Although half a decade has passed since Frank Rosenblatt's original work on multilayer perceptrons, modern artificial neural networks are still surprisingly similar to his original ideas.
In this talk, I will question one of their most fundamental design aspects. As networks have become much deeper than had been possible or had even been imagined in the 1950s, it is no longer clear that the layer by layer connectivity pattern is a well-suited architectural choice. In the first part of the talk I will show that randomly removing layers during training can speed up the training process, make it more robust, and ultimately lead to better generalization. We refer to this process as learning with stochastic depth -- as the effective depth of the networks varies for each minibatch. In the second part of the talk I will propose an alternative connectivity pattern, Dense Connectivity, which is inspired by the insights obtained from stochastic depth. Dense connectivity leads to substantial reductions in parameter sizes, faster convergence, and further improvement in generalization. Finally, I will investigate the question why deep neural networks are so well suited for natural images and provide evidence that they linearize the underlying sub-manifold into a Euclidean feature space.
Kilian Weinberger is an Associate Professor in the Department of Computer Science at Cornell University. He received his Ph.D. from the University of Pennsylvania in Machine Learning under the supervision of Lawrence Saul and his undergraduate degree in Mathematics and Computer Science from the University of Oxford. During his career he has won several best paper awards at ICML (2004), CVPR (2004, 2017), AISTATS (2005) and KDD (2014, runner-up award). In 2011 he was awarded the Outstanding AAAI Senior Program Chair Award and in 2012 he received an NSF CAREER award. He was elected co-Program Chair for ICML 2016 and for AAAI 2018.

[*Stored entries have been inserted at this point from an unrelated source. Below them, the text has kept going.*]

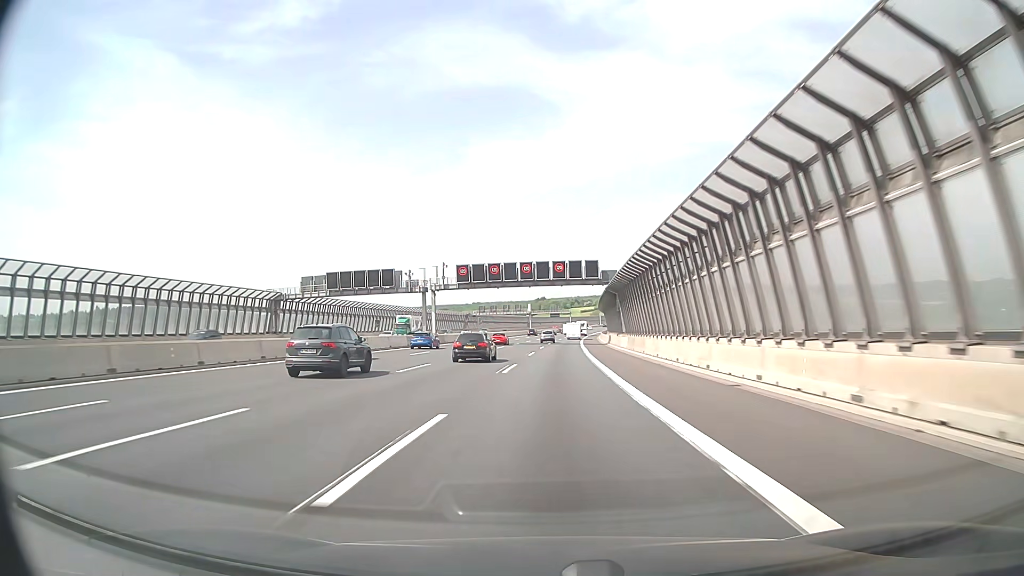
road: motorway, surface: asphalt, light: Day
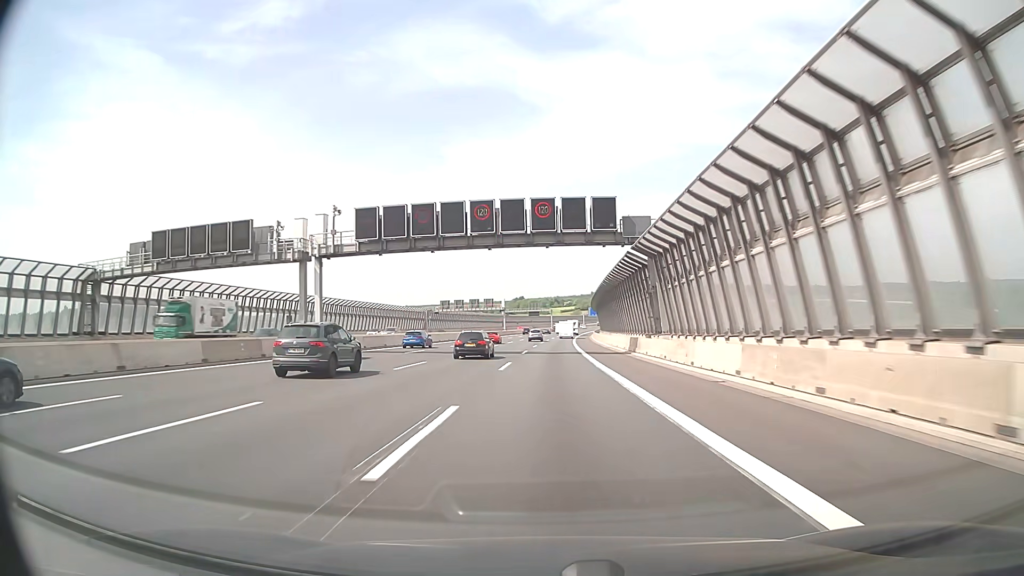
(+0.5, +35.0) m; +2°
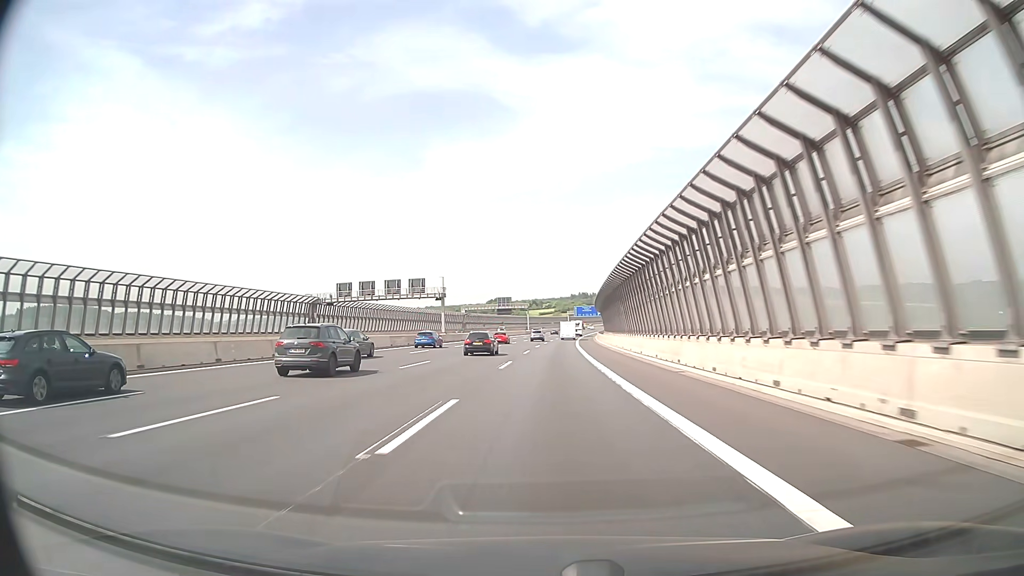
(+1.4, +70.3) m; +2°
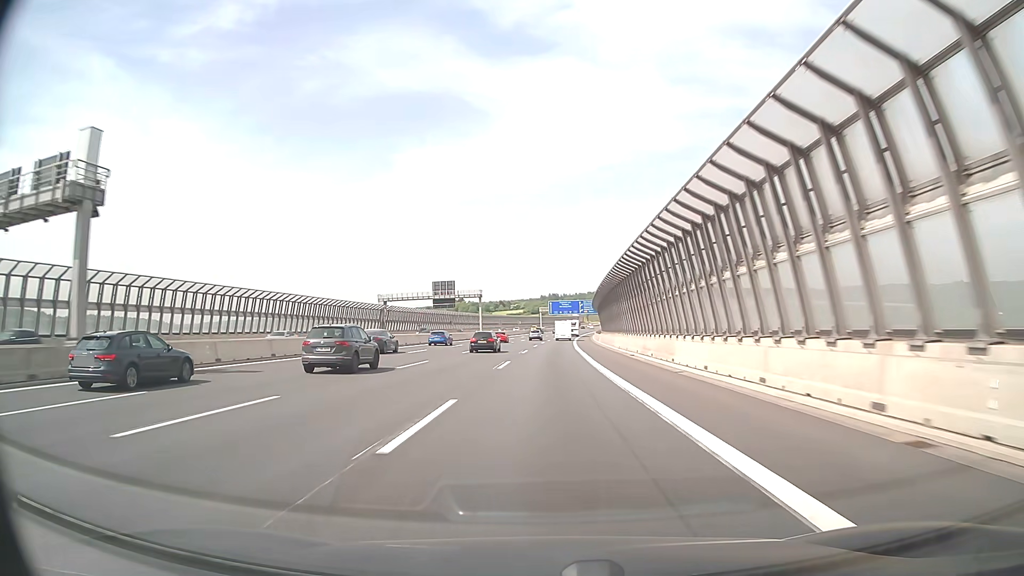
(+1.4, +71.6) m; +2°
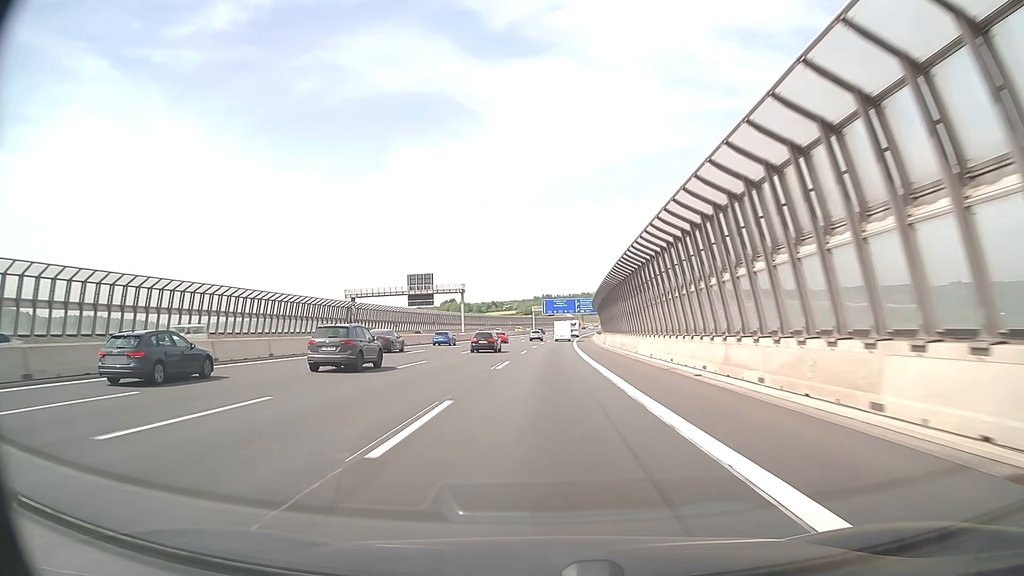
(+0.1, +18.2) m; +1°
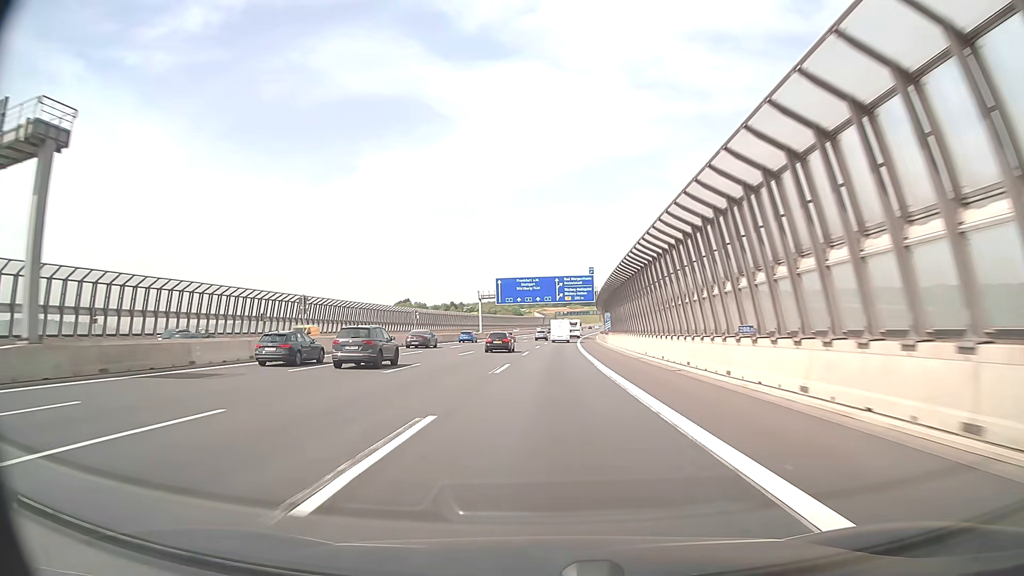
(+2.2, +91.9) m; +3°
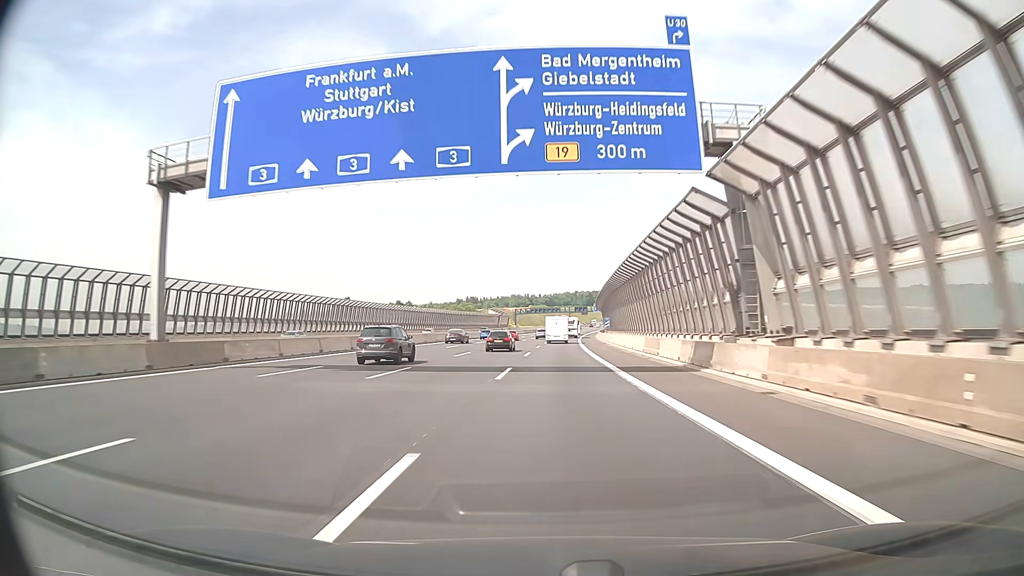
(+2.3, +92.9) m; +3°
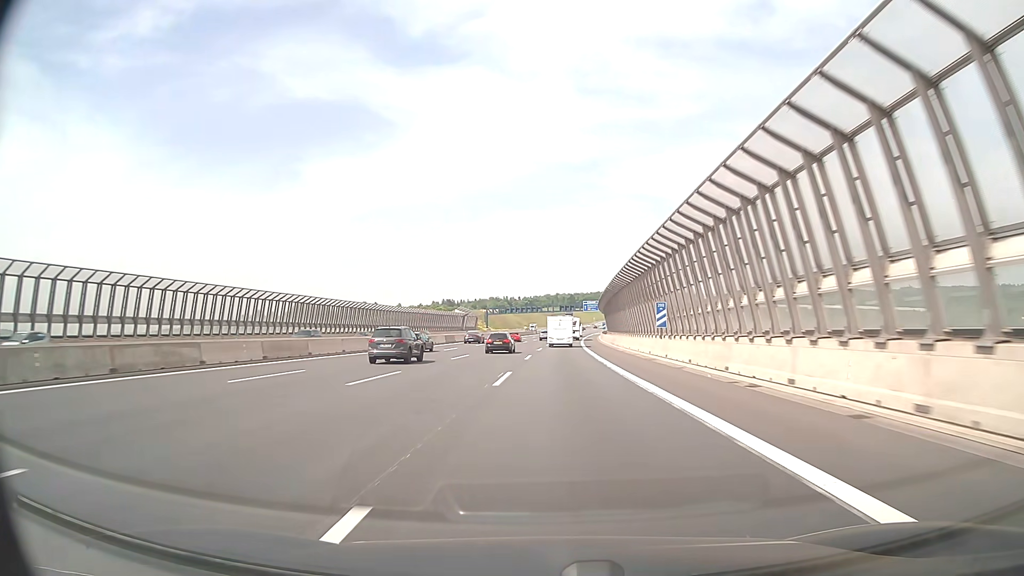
(+0.9, +56.1) m; +2°
(0, +10) (0, +20) (0, +30) (0, +40) (+1, +50) (+1, +60) (+2, +70) (+2, +80) (+3, +90) (+3, +100) m

In 2016 he was the recipient of the Daniel M Lazar '29 Excellence in Teaching Award. Kilian Weinberger's research focuses on Machine Learning and its applications. In particular, he focuses on learning under resource constraints, metric learning, machine learned web-search ranking, computer vision and deep learning. Before joining Cornell University, he was an Associate Professor at Washington University in St. Louis and before that he worked as a research scientist at Yahoo! Research in Santa Clara.